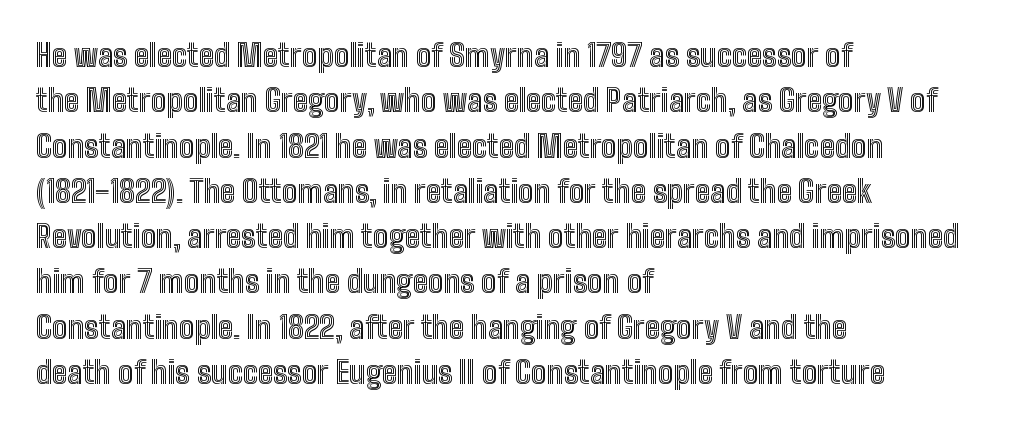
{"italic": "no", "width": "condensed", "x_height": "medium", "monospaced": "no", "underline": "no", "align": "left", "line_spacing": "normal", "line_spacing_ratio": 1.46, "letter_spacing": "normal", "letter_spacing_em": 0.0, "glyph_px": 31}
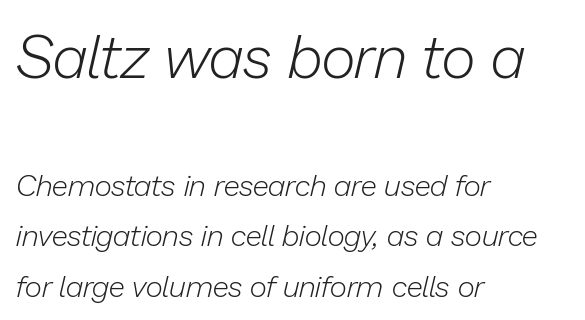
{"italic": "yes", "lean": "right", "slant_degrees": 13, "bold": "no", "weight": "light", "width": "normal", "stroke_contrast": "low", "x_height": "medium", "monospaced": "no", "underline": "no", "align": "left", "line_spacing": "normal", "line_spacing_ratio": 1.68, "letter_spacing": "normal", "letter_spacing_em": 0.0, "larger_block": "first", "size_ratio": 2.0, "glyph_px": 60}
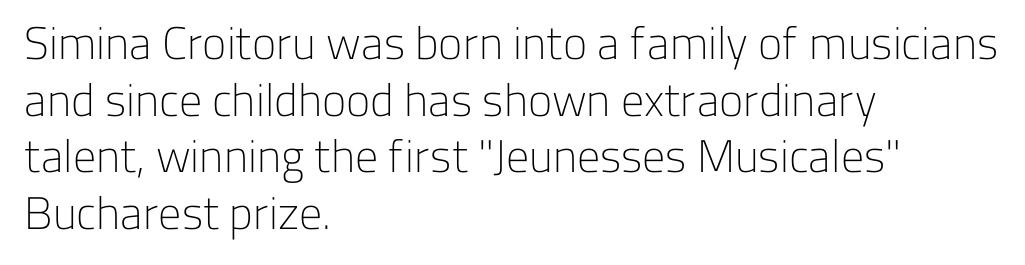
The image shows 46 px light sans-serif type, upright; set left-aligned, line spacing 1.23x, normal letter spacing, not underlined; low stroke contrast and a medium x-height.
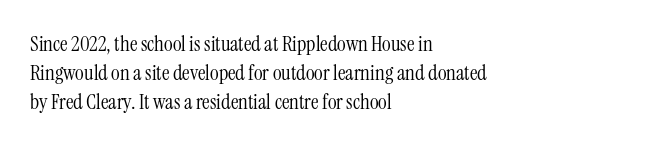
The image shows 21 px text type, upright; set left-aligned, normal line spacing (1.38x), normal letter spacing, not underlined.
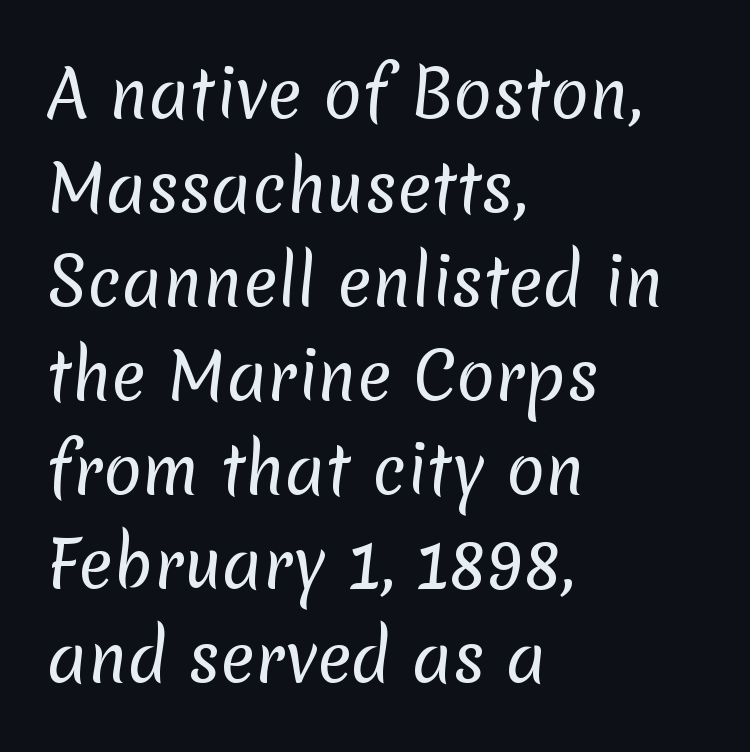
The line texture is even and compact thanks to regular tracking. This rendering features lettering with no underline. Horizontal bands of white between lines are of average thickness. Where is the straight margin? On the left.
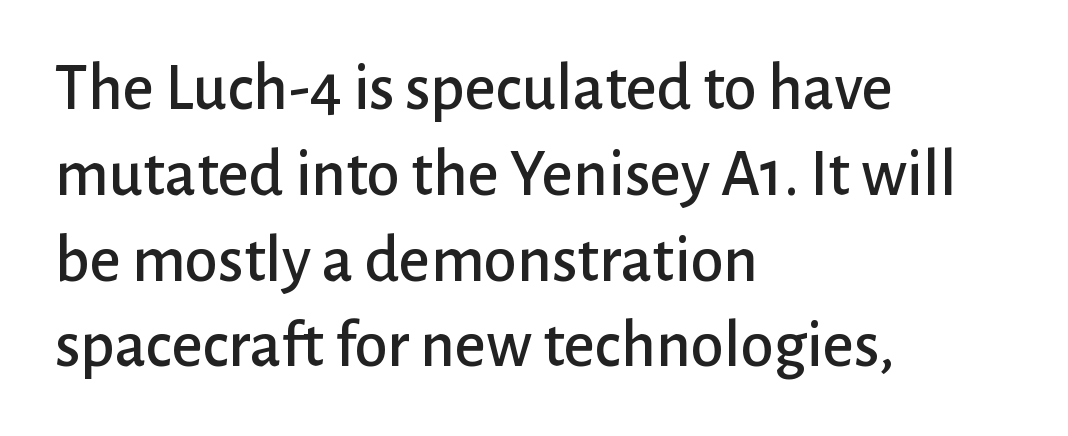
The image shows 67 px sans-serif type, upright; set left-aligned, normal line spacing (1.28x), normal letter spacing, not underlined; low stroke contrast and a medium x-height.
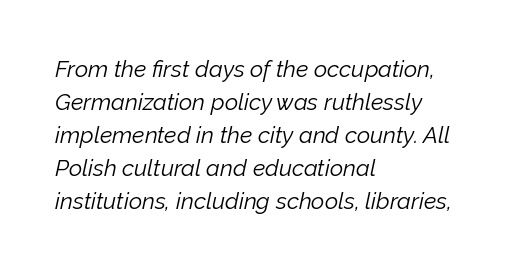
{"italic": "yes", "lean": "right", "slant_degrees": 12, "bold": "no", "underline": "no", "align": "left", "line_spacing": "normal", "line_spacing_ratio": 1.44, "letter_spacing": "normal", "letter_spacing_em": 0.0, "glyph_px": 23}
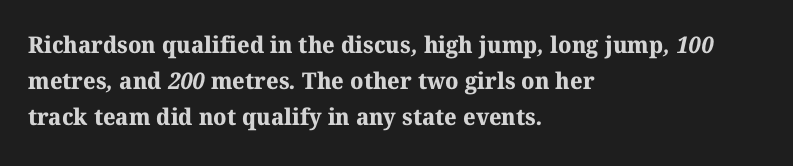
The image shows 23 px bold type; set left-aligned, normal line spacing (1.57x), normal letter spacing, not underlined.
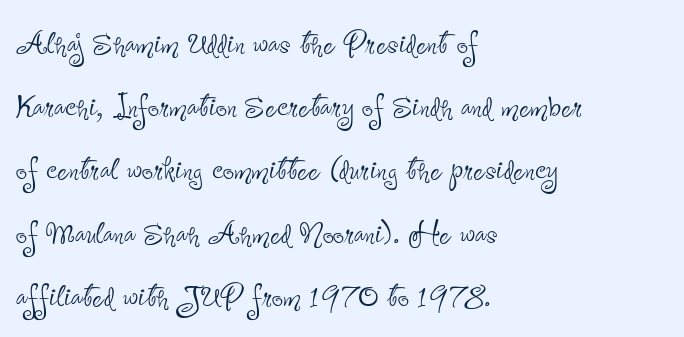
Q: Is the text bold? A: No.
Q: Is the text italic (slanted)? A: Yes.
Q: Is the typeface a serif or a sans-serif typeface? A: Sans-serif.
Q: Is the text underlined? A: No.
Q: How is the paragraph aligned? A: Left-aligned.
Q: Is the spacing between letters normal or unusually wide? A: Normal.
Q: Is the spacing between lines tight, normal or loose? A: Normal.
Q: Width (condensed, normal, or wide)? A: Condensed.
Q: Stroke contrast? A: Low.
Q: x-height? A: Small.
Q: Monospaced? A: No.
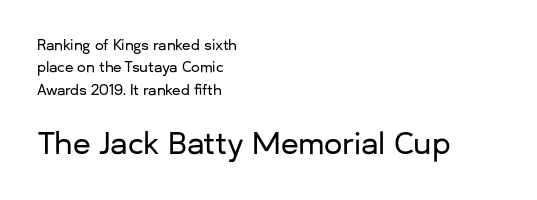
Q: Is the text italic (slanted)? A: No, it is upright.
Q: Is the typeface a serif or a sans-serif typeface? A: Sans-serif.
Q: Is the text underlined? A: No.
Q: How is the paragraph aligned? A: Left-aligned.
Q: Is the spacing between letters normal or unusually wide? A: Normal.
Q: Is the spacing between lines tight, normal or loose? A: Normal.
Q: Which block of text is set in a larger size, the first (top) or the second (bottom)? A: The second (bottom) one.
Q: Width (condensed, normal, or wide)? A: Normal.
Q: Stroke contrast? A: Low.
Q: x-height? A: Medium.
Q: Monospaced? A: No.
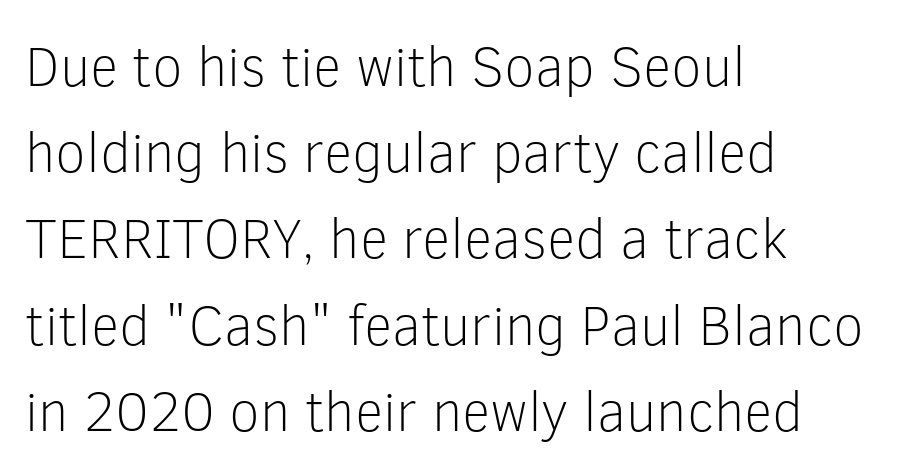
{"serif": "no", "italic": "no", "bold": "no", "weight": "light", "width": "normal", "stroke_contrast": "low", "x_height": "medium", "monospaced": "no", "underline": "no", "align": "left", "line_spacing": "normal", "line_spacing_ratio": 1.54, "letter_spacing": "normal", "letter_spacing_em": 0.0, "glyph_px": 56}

(What needs to be done): Your answer must be the full listing, copied exactly, with no pictures in it.

(Answer to the exercise):
{"italic": "no", "width": "condensed", "x_height": "medium", "monospaced": "no", "underline": "no", "align": "left", "line_spacing": "normal", "line_spacing_ratio": 1.46, "letter_spacing": "normal", "letter_spacing_em": 0.0, "glyph_px": 31}
{"italic": "yes", "lean": "right", "slant_degrees": 13, "bold": "no", "weight": "light", "width": "normal", "stroke_contrast": "low", "x_height": "medium", "monospaced": "no", "underline": "no", "align": "left", "line_spacing": "normal", "line_spacing_ratio": 1.68, "letter_spacing": "normal", "letter_spacing_em": 0.0, "larger_block": "first", "size_ratio": 2.0, "glyph_px": 60}
The image shows 46 px light sans-serif type, upright; set left-aligned, line spacing 1.23x, normal letter spacing, not underlined; low stroke contrast and a medium x-height.
The image shows 21 px text type, upright; set left-aligned, normal line spacing (1.38x), normal letter spacing, not underlined.
The line texture is even and compact thanks to regular tracking. This rendering features lettering with no underline. Horizontal bands of white between lines are of average thickness. Where is the straight margin? On the left.
The image shows 67 px sans-serif type, upright; set left-aligned, normal line spacing (1.28x), normal letter spacing, not underlined; low stroke contrast and a medium x-height.
{"italic": "yes", "lean": "right", "slant_degrees": 12, "bold": "no", "underline": "no", "align": "left", "line_spacing": "normal", "line_spacing_ratio": 1.44, "letter_spacing": "normal", "letter_spacing_em": 0.0, "glyph_px": 23}
The image shows 23 px bold type; set left-aligned, normal line spacing (1.57x), normal letter spacing, not underlined.
Q: Is the text bold? A: No.
Q: Is the text italic (slanted)? A: Yes.
Q: Is the typeface a serif or a sans-serif typeface? A: Sans-serif.
Q: Is the text underlined? A: No.
Q: How is the paragraph aligned? A: Left-aligned.
Q: Is the spacing between letters normal or unusually wide? A: Normal.
Q: Is the spacing between lines tight, normal or loose? A: Normal.
Q: Width (condensed, normal, or wide)? A: Condensed.
Q: Stroke contrast? A: Low.
Q: x-height? A: Small.
Q: Monospaced? A: No.
Q: Is the text italic (slanted)? A: No, it is upright.
Q: Is the typeface a serif or a sans-serif typeface? A: Sans-serif.
Q: Is the text underlined? A: No.
Q: How is the paragraph aligned? A: Left-aligned.
Q: Is the spacing between letters normal or unusually wide? A: Normal.
Q: Is the spacing between lines tight, normal or loose? A: Normal.
Q: Which block of text is set in a larger size, the first (top) or the second (bottom)? A: The second (bottom) one.
Q: Width (condensed, normal, or wide)? A: Normal.
Q: Stroke contrast? A: Low.
Q: x-height? A: Medium.
Q: Monospaced? A: No.
{"serif": "no", "italic": "no", "bold": "no", "weight": "light", "width": "normal", "stroke_contrast": "low", "x_height": "medium", "monospaced": "no", "underline": "no", "align": "left", "line_spacing": "normal", "line_spacing_ratio": 1.54, "letter_spacing": "normal", "letter_spacing_em": 0.0, "glyph_px": 56}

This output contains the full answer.